Welcome to Weaving Webs, where creative people share their creative references.
Today’s guest is Eugene Angelo (@eugeneangelo), the 24 year old founder of his own design studio and cofounder of Lychee alongside Tigris Li, a newcomer hardware company eyeing down Apple. (Yes, Apple).
The CSM grad’s impressive visual work has led him down a prolific path and into some brilliant insights regarding the future of tech and culture at large. We’re very grateful to have him on.
And if you’re not already familiar, we’re building a platform for people just like Eugene!
Silk is a new layer of the internet oriented around creative research, moodboarding, and subculture. We invite you to read more and sign up for our waitlist → here :)
Warning.Camera
An amazing book to come out recently is from Bafic's warning.camera project. he's one of my favourite artists/thinkers... the project revolves around a yellow warning sticker, intended for laptop screens/phones etc, which he started giving to friends. through the memetic power of people posting selfies with the sticker on their phone, it's now been distributed to a much broader global community and formed a powerful symbol. the book is a record of all the instagram stories and posts where the sticker is visible, showing the trajectory of an idea going from an extremely niche inside joke to a symbol with global reach... and because the sticker is so nondescript, I think it's the clearest reflection of our culture today — it exposes all the social networks and mimetic forces that drive it. a yellow sticker becomes a social network & communal symbol. it's soooo good.
Real Review / Kazeem Kuteyi
I'm massively inspired by my friend Kazeem Kuteyi — founder & editor of new currency in toronto, DJ and overall cultural connector — who recently wrote an article in Jack Self's Real Review magazine called "WE OUTSIDE". It's the most distilled explanation of how Kazeem works: how he's forming a global community and culture around art, music, fashion & design; how he appears to be everywhere at once; and how he's turning online connections into offline meaning. this article & his practice are worth studying. he's figuring out a really important archetype within our culture in real time — a combination of diplomat, connector, curator and archivist. we need a lot more people like kazeem in the world if we want a global, intercultural community to thrive. shoutout to REAL review too — a real frontier of thought across so many disciplines.
Riovaz — “Waiting Alone”
There's a major shift in music right now... I feel like we're entering a 2020s equivalent to the 1980s post-punk era, in which people started to push a heavily saturated punk genre into all kinds of experimental directions. it feels like the same thing that happened to punk is happening to mainstream music right now; and two super talented young artists in Riovaz and Kanii really represent that. they're crafting a whole new lane in dance music / popular culture for the youth. their new song "waiting alonE" is like a follow-up to "Heart Racing" with Nimstarr, both great songs.
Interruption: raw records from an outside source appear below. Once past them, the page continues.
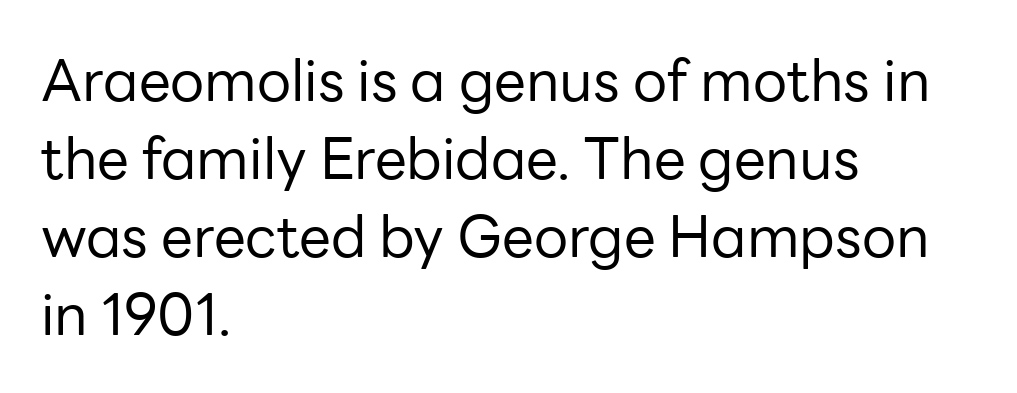
The image shows 57 px regular-weight sans-serif type, upright; set left-aligned, normal line spacing (1.37x), normal letter spacing, not underlined; low stroke contrast and a medium x-height.
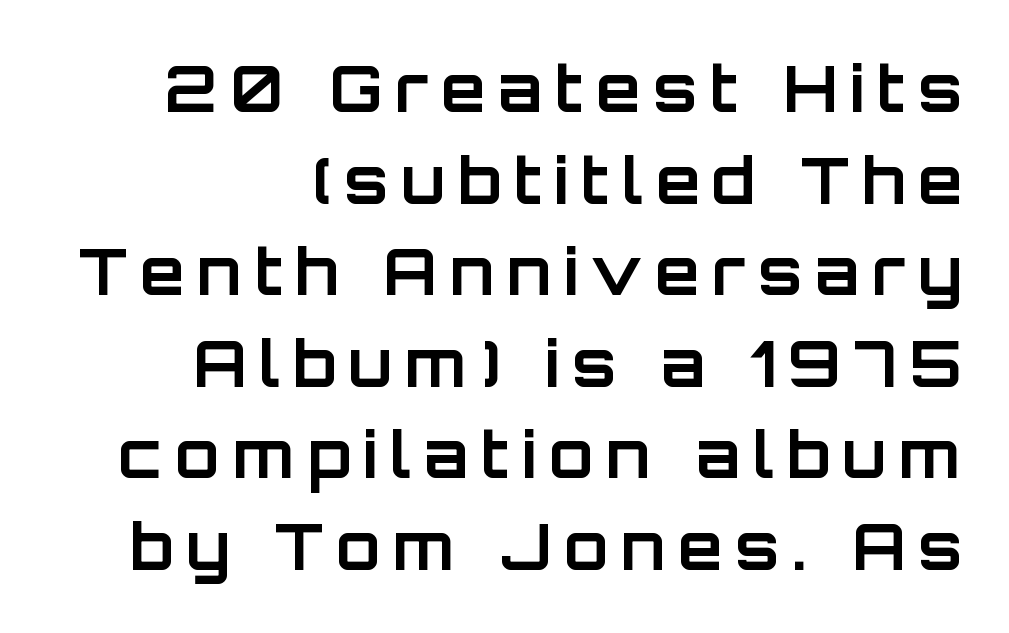
The image shows 64 px bold sans-serif type, upright; set right-aligned, normal line spacing (1.43x), unusually wide letter spacing (+0.2 em), not underlined; low stroke contrast and a large x-height.
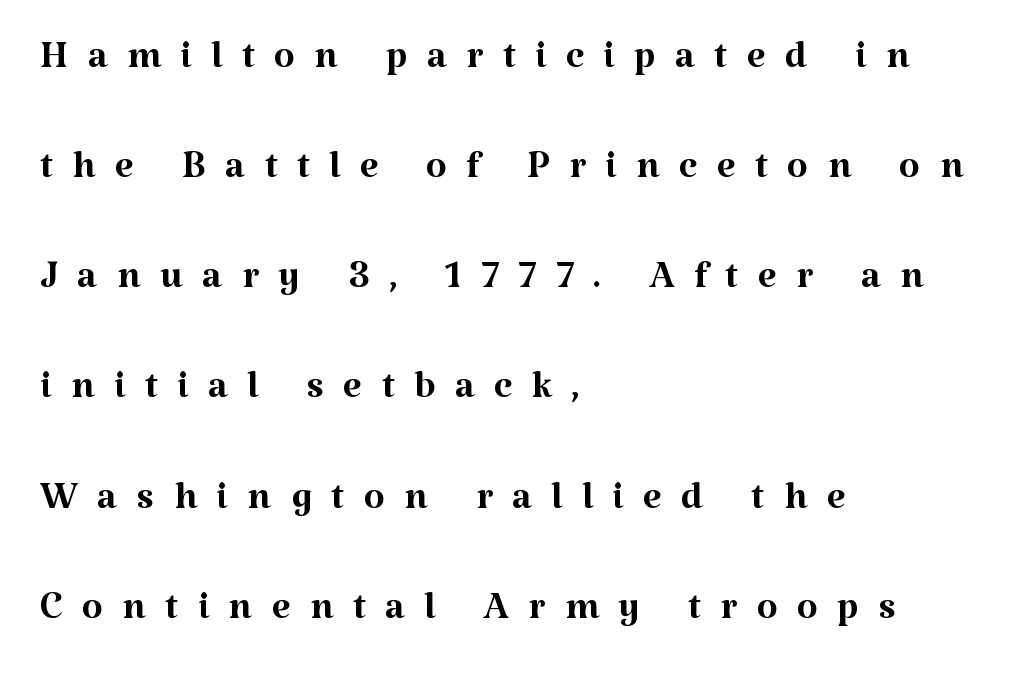
The image shows 54 px regular-weight serif type, upright; set left-aligned, loose line spacing (2.04x), unusually wide letter spacing (+0.36 em), not underlined; medium stroke contrast and a medium x-height.
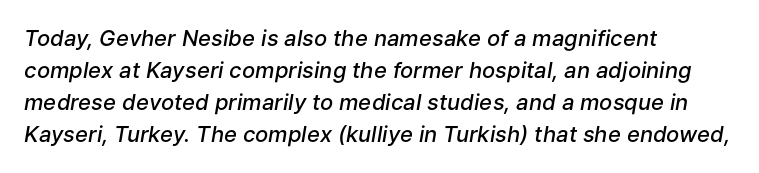
Q: Is the text bold? A: Semi-bold.
Q: Is the text italic (slanted)? A: Yes, it leans right by about 9 degrees.
Q: Is the text underlined? A: No.
Q: How is the paragraph aligned? A: Left-aligned.
Q: Is the spacing between letters normal or unusually wide? A: Normal.
Q: Is the spacing between lines tight, normal or loose? A: Normal.
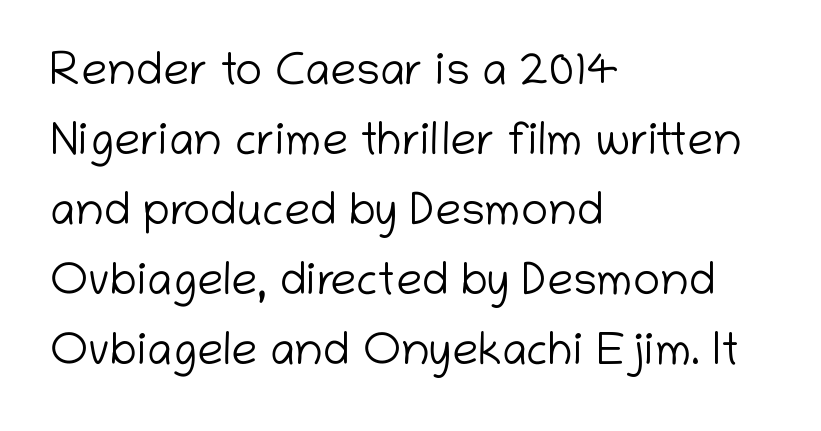
Q: Is the text bold? A: No.
Q: Is the text italic (slanted)? A: No, it is upright.
Q: Is the typeface a serif or a sans-serif typeface? A: Sans-serif.
Q: Is the text underlined? A: No.
Q: How is the paragraph aligned? A: Left-aligned.
Q: Is the spacing between letters normal or unusually wide? A: Normal.
Q: Is the spacing between lines tight, normal or loose? A: Normal.
Q: Width (condensed, normal, or wide)? A: Normal.
Q: Stroke contrast? A: Low.
Q: x-height? A: Medium.
Q: Monospaced? A: No.
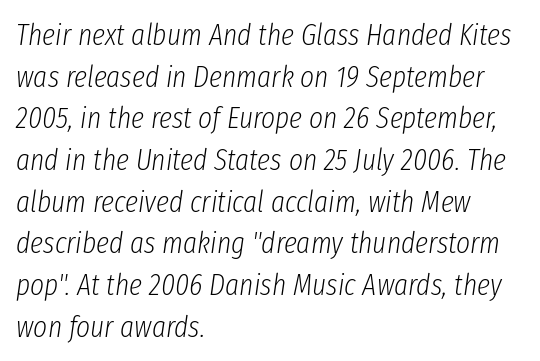
Posture: slanted. The passage shown has conventional tracking throughout. If you drew a ruler down the left edge, every line would touch it. Underlining? Definitely not there. Leading: standard.
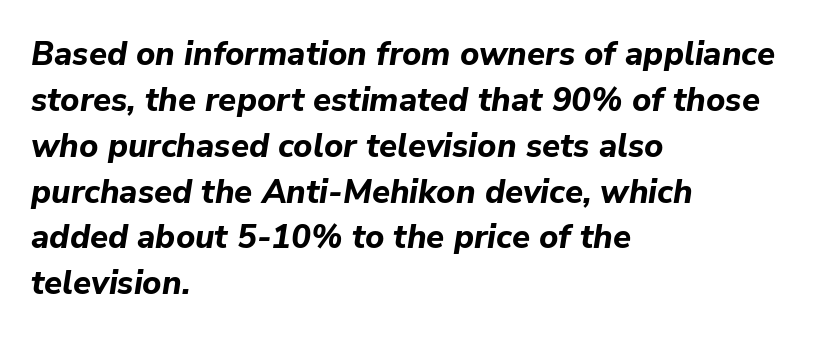
{"italic": "yes", "lean": "right", "slant_degrees": 9, "bold": "yes", "weight": "bold", "width": "normal", "stroke_contrast": "low", "x_height": "medium", "monospaced": "no", "underline": "no", "align": "left", "line_spacing": "normal", "line_spacing_ratio": 1.39, "letter_spacing": "normal", "letter_spacing_em": 0.0, "glyph_px": 33}
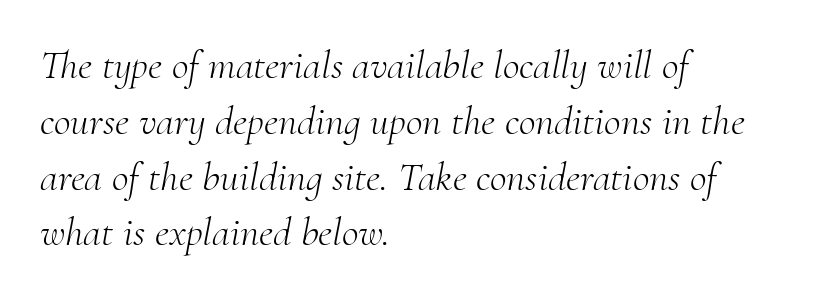
{"serif": "yes", "italic": "yes", "lean": "right", "slant_degrees": 10, "bold": "no", "weight": "light", "width": "normal", "stroke_contrast": "medium", "x_height": "small", "monospaced": "no", "underline": "no", "align": "left", "line_spacing": "normal", "line_spacing_ratio": 1.36, "letter_spacing": "normal", "letter_spacing_em": 0.0, "glyph_px": 41}
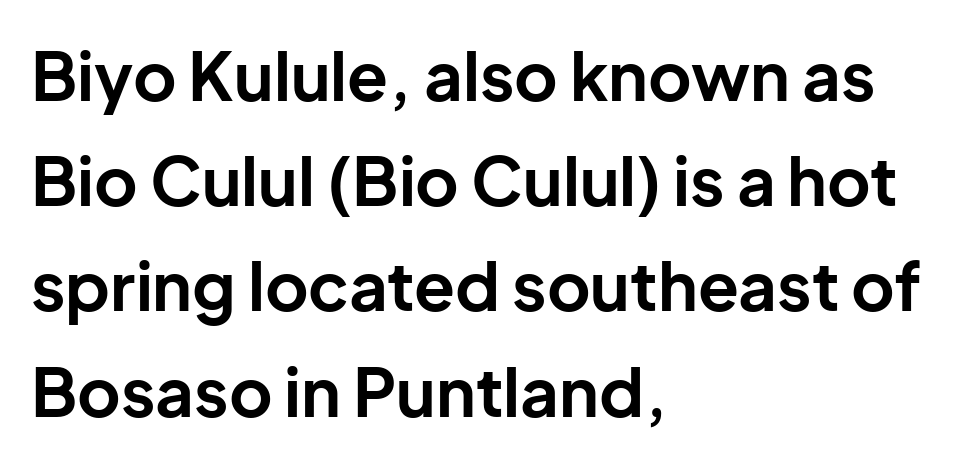
{"serif": "no", "italic": "no", "bold": "yes", "weight": "bold", "width": "normal", "stroke_contrast": "low", "x_height": "medium", "monospaced": "no", "underline": "no", "align": "left", "line_spacing": "normal", "line_spacing_ratio": 1.57, "letter_spacing": "normal", "letter_spacing_em": 0.0, "glyph_px": 67}
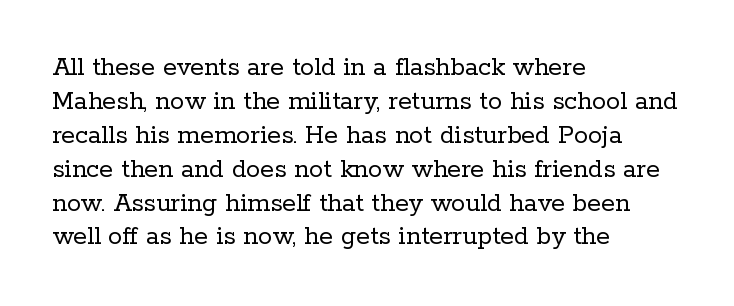
The image shows 28 px regular-weight serif type, upright; set left-aligned, line spacing 1.21x, normal letter spacing, not underlined; low stroke contrast and a medium x-height.
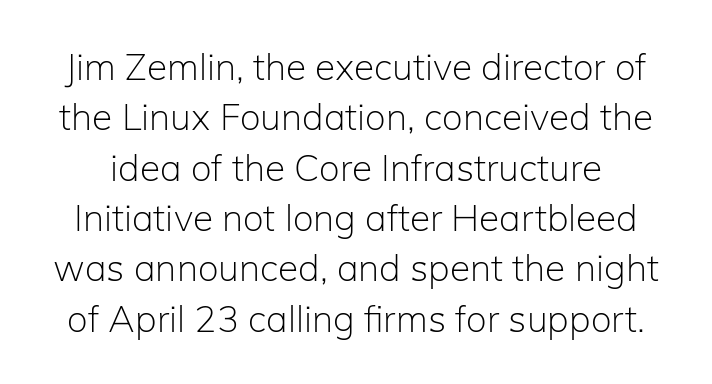
The image shows 37 px light sans-serif type, upright; set normal line spacing (1.36x), normal letter spacing, not underlined; low stroke contrast and a medium x-height.
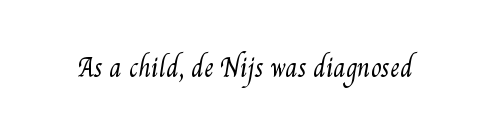
The image shows 24 px text type; set normal letter spacing, not underlined.
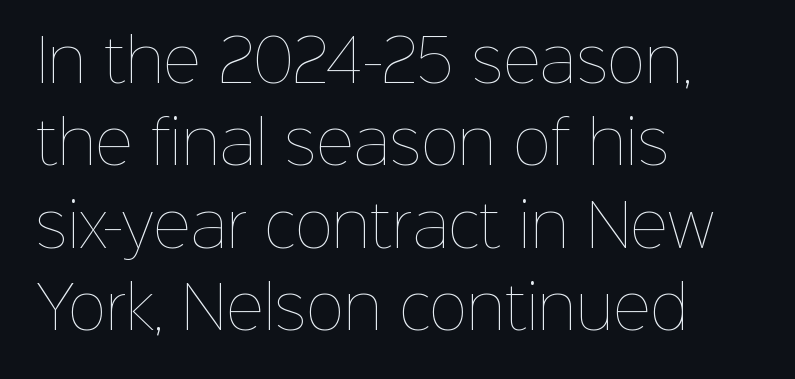
The passage shown is typed in a proportional face where columns would drift. Students, note that the glyphs here touch the page at normal intervals. This reads as an unemphasized weight, regular at the heaviest. Horizontal bands of white between lines are of average thickness. The letters stand upright; this is a roman face.
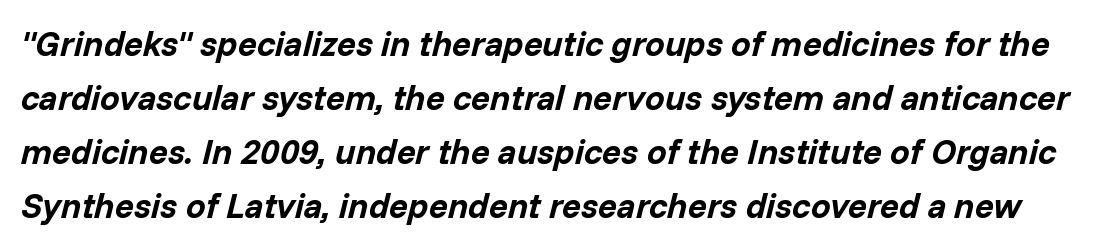
The image shows 35 px bold type, italic (leaning right); set normal line spacing (1.54x), normal letter spacing, not underlined; low stroke contrast and a medium x-height.
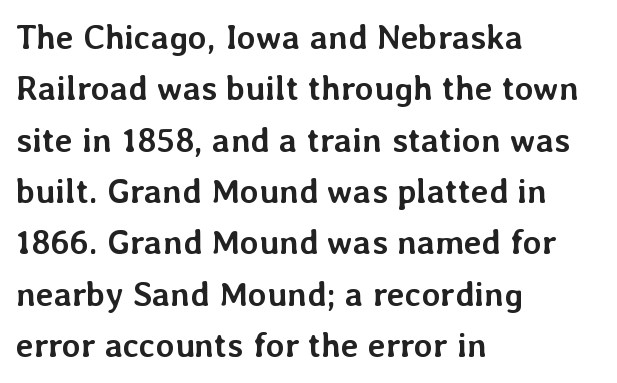
A typesetter would mark this as roman, not italic. These lines are set flush left with a ragged right edge. The letters are bold, with thick, heavy strokes. The rendering uses a moderate line-height, typical for paragraphs. Descenders hang freely into open space. Character widths vary here, with narrow letters taking less room than wide ones.
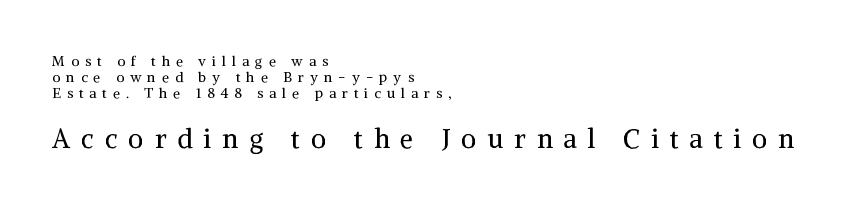
{"italic": "no", "bold": "no", "underline": "no", "align": "left", "line_spacing_ratio": 1.16, "letter_spacing": "wide", "letter_spacing_em": 0.43, "larger_block": "second", "size_ratio": 1.86, "glyph_px": 26}
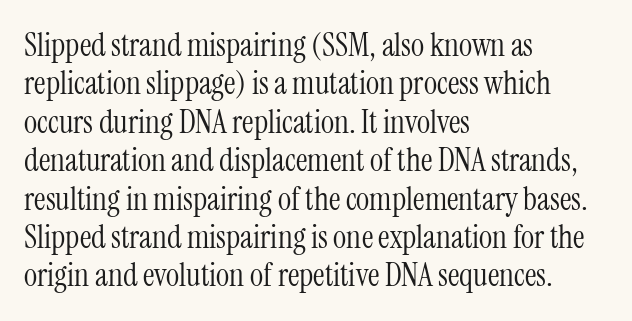
Q: Is the text bold? A: No.
Q: Is the text italic (slanted)? A: No, it is upright.
Q: Is the typeface a serif or a sans-serif typeface? A: Serif.
Q: Is the text underlined? A: No.
Q: How is the paragraph aligned? A: Left-aligned.
Q: Is the spacing between letters normal or unusually wide? A: Normal.
Q: Width (condensed, normal, or wide)? A: Condensed.
Q: Stroke contrast? A: Medium.
Q: x-height? A: Medium.
Q: Monospaced? A: No.
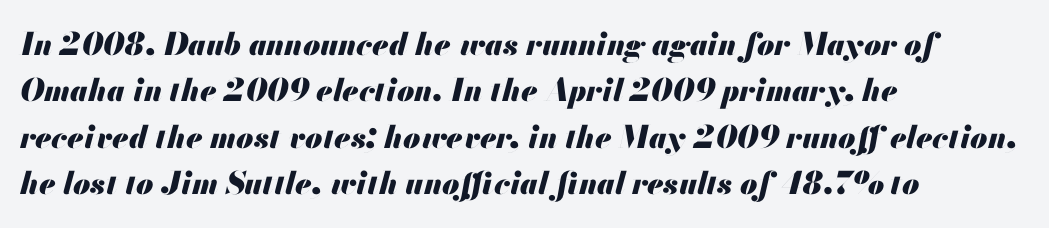
Caption: standard tracking, unaltered. The letters advance in unequal steps, a hallmark of proportional type. This sample uses an oblique cut, with every glyph tilted off the vertical. In CSS terms this would be text-align: left.
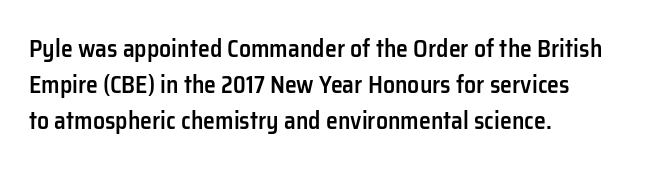
{"italic": "no", "bold": "semi", "underline": "no", "align": "left", "line_spacing": "normal", "line_spacing_ratio": 1.51, "letter_spacing": "normal", "letter_spacing_em": 0.0, "glyph_px": 24}
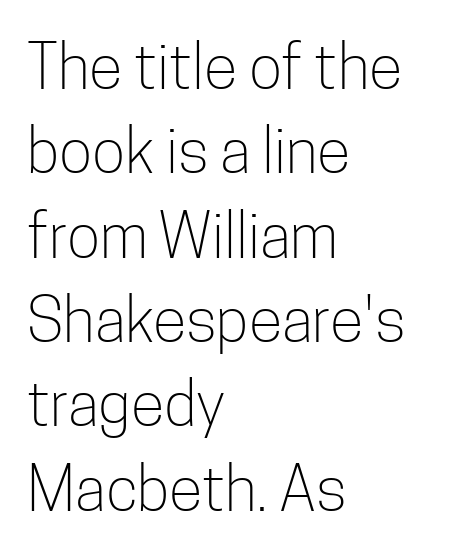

Ted Childish and I worked on the cover together, under our makeshift "LETS PLAY" design imprint... hoping to help shape the aesthetic for a whole new generation of dance music.
Sacai
Been going crazy over this new knit sweater from Chitose Abe's sacai, which has been my favourite brand to wear for a couple years now. she's been on a crazy run of collections, and to me has built one of the most distinct design languages in fashion. with this sweater the colours are so on point... some gradients only make sense when you take them off the screen and onto a new material. praying I can catch one for cheap on a Japanese auction site.
CSM Industrial Design
I went to the industrial design degree show at Central Saint Martins fairly recently, and was super energised by all the people imagining new possibilities for consumer electronics. I really believe that we're in a post-apple era, and the hardware products we use every day will begin to change... so hopefully we'll start to shift away from the extreme iPhone-dependency that's emerged over the last decade. The fact that a whole generation is so eager to design new ways of living alongside technology is proof of that. I really loved Ethan Doughty's ultra-tactile music device, as well as Yifan Zhang's shoe-as-an-interface.
ORBE BY Jobe Burns
Jobe Burns' new company ORBE recently launched, with a unique perspective on home furniture and design. I visited Jobe's studio a few months back and instantly fell in love with the silicone bowl he'd made — a lot of his work is about subverting people's expectations of an object. soft-looking objects will be hard and hard-looking objects will be soft. the playfulness and sensitivity of his work feels really timely with how the home is becoming more and more quantified & minimised... it's so exciting to witness the beginning of a journey you know is gonna last decades.
Who else would you most want to see share their refs?
Toby Feltwell / Sk8thing of Cav Empt, Eastwood Danso, Tigris Li, Whak&Mo!